Rule #1- The journeyman is always right
Rule #2- If the journeyman is wrong, refer back to #1

Lol

Dang ole helpers!


----------



## theplungerman (Oct 26, 2011)

Mpc_mhayes said:


> Well it started with a Plumber I know calling me out because he got his drum machine stuck in some roots. I get there and about 1 hour later I get it unhung. So I get out the see snake and find the problem. 3 feet deep. The house had been sitting for 4 years and roots where all in the line. I don't have a jetter so its time to dig. I go rent a backhoe. Find the 1st problem and fix it. Well about 15 ft from there we find more roots. Only thing now is its 11 feet deep. Went to cut the pipe with a wire saw and my helper should have pull my camera back 2 more feet. So now I have to get it repaired. And it took a lot more time then I priced it for. What can I say. You win some you lose some.


J d Coleman does a reterm for about 300.
I ran for parts 1 time and got back just in time b4 my guy started up the grinder. I forgot and left the camera in the pipe.


----------



## Mpc_mhayes (Nov 27, 2012)

Plumberman said:


> That's why I always pulled mine completely out from down hole before any cutting took place...
> 
> Rule #1- The journeyman is always right
> Rule #2- If the journeyman is wrong, refer back to #1
> ...


 
This guy will never be a Journeyman. He is a little slow in the head.
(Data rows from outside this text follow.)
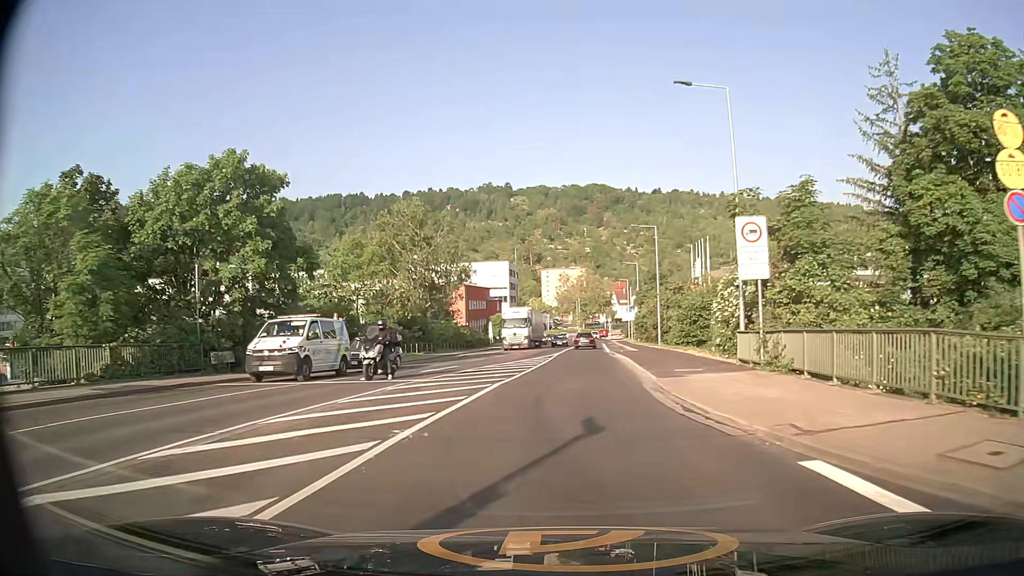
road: tertiary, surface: asphalt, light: Day
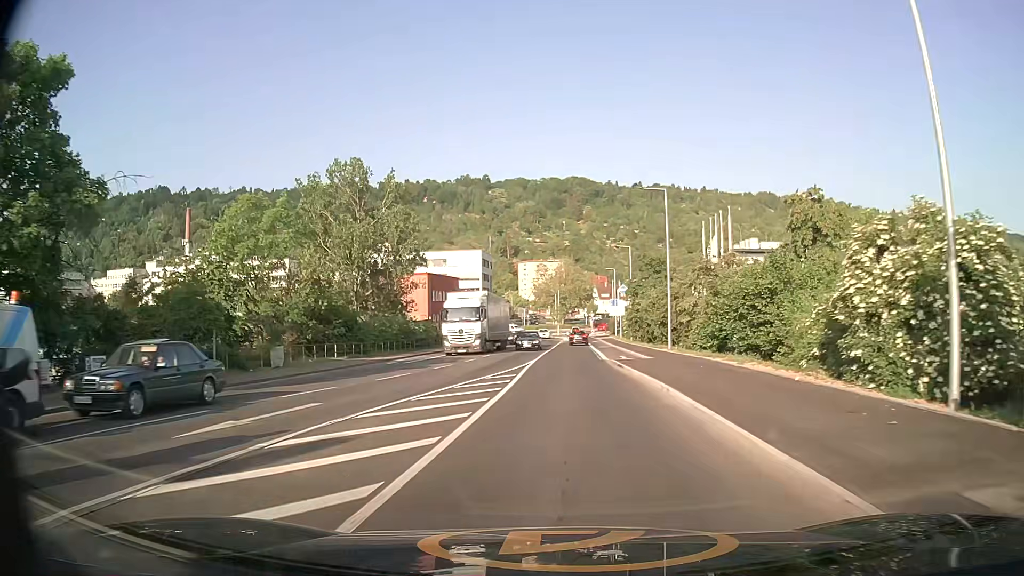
(+0.3, +14.9) m; +2°
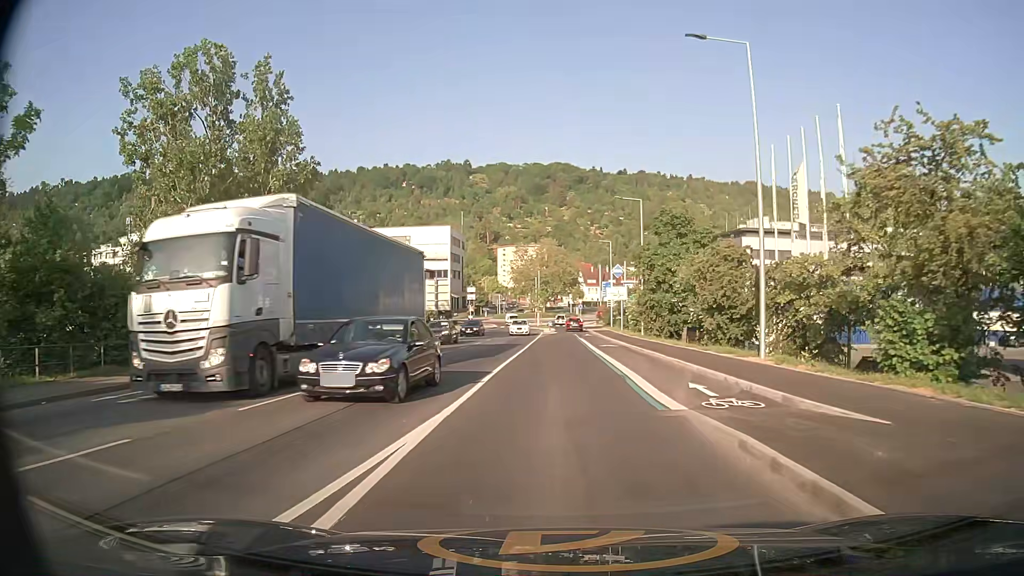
(+0.4, +22.5) m; +2°
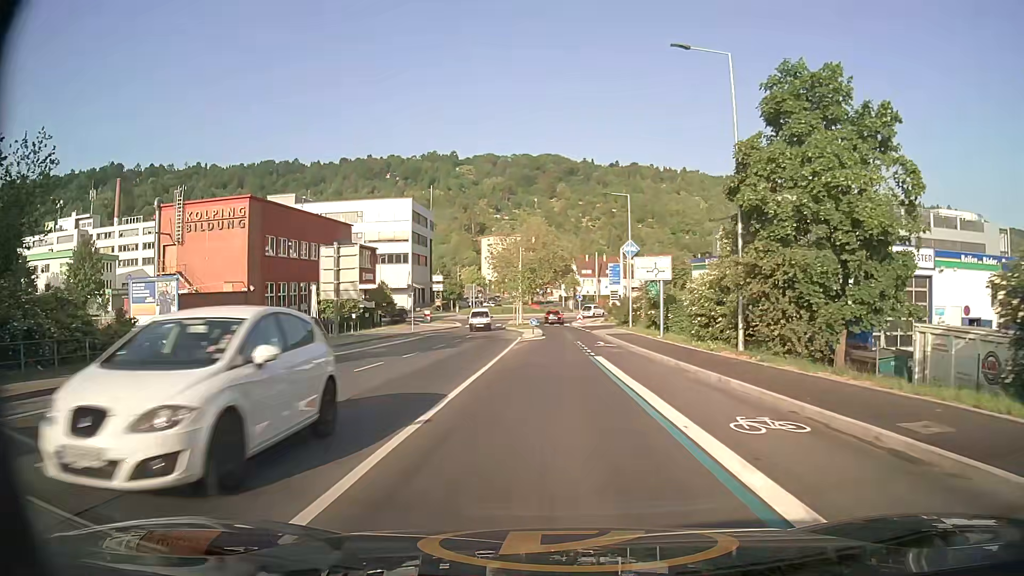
(+0.2, +28.7) m; +1°
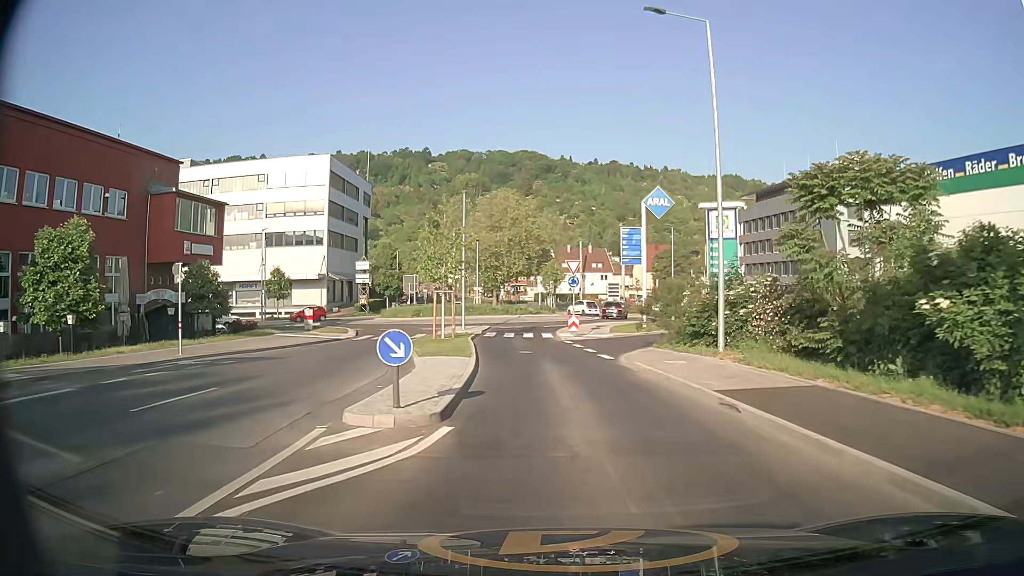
(+0.4, +32.4) m; +2°
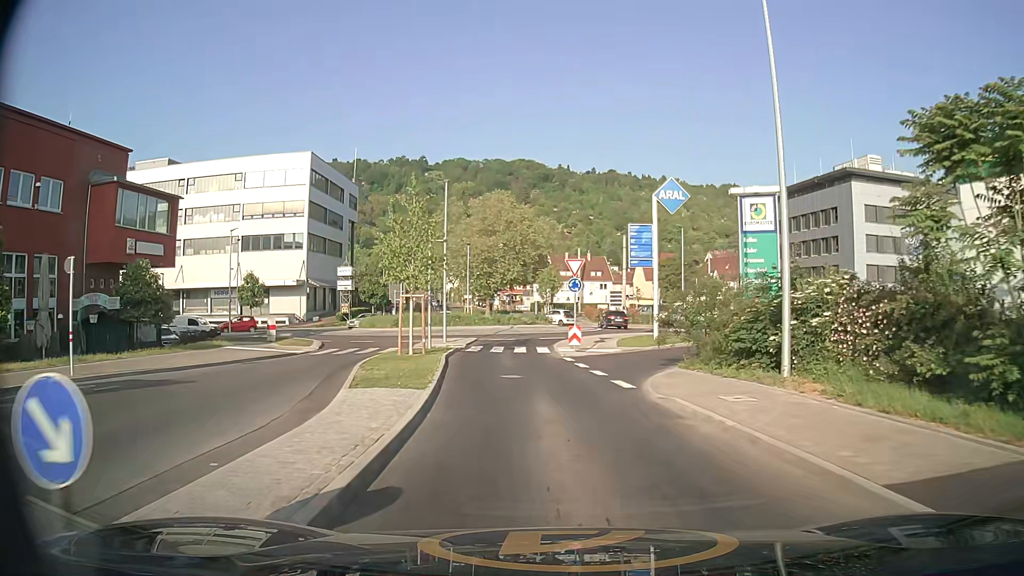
(0.0, +5.8) m; +1°
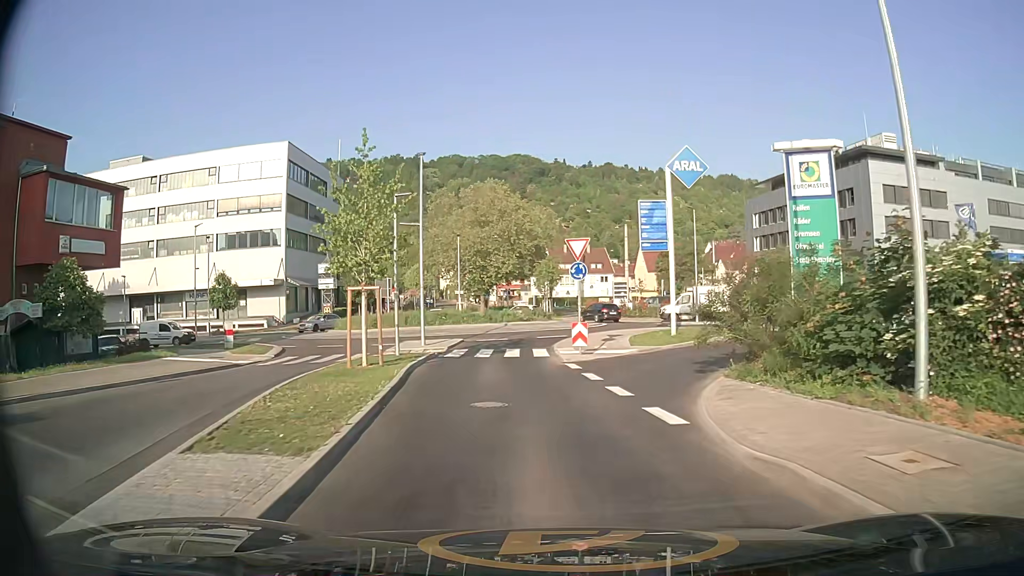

Forest Gump without jenny and the money. I only use him for Digging by hand or heavy lifting.


----------



## Plumberman (Jul 7, 2008)

Mpc_mhayes said:


> This guy will never be a Journeyman. He is a little slow in the head. Forest Gump without jenny and the money. I only use him for Digging by hand or heavy lifting.


And cutting camera heads...

Lol


----------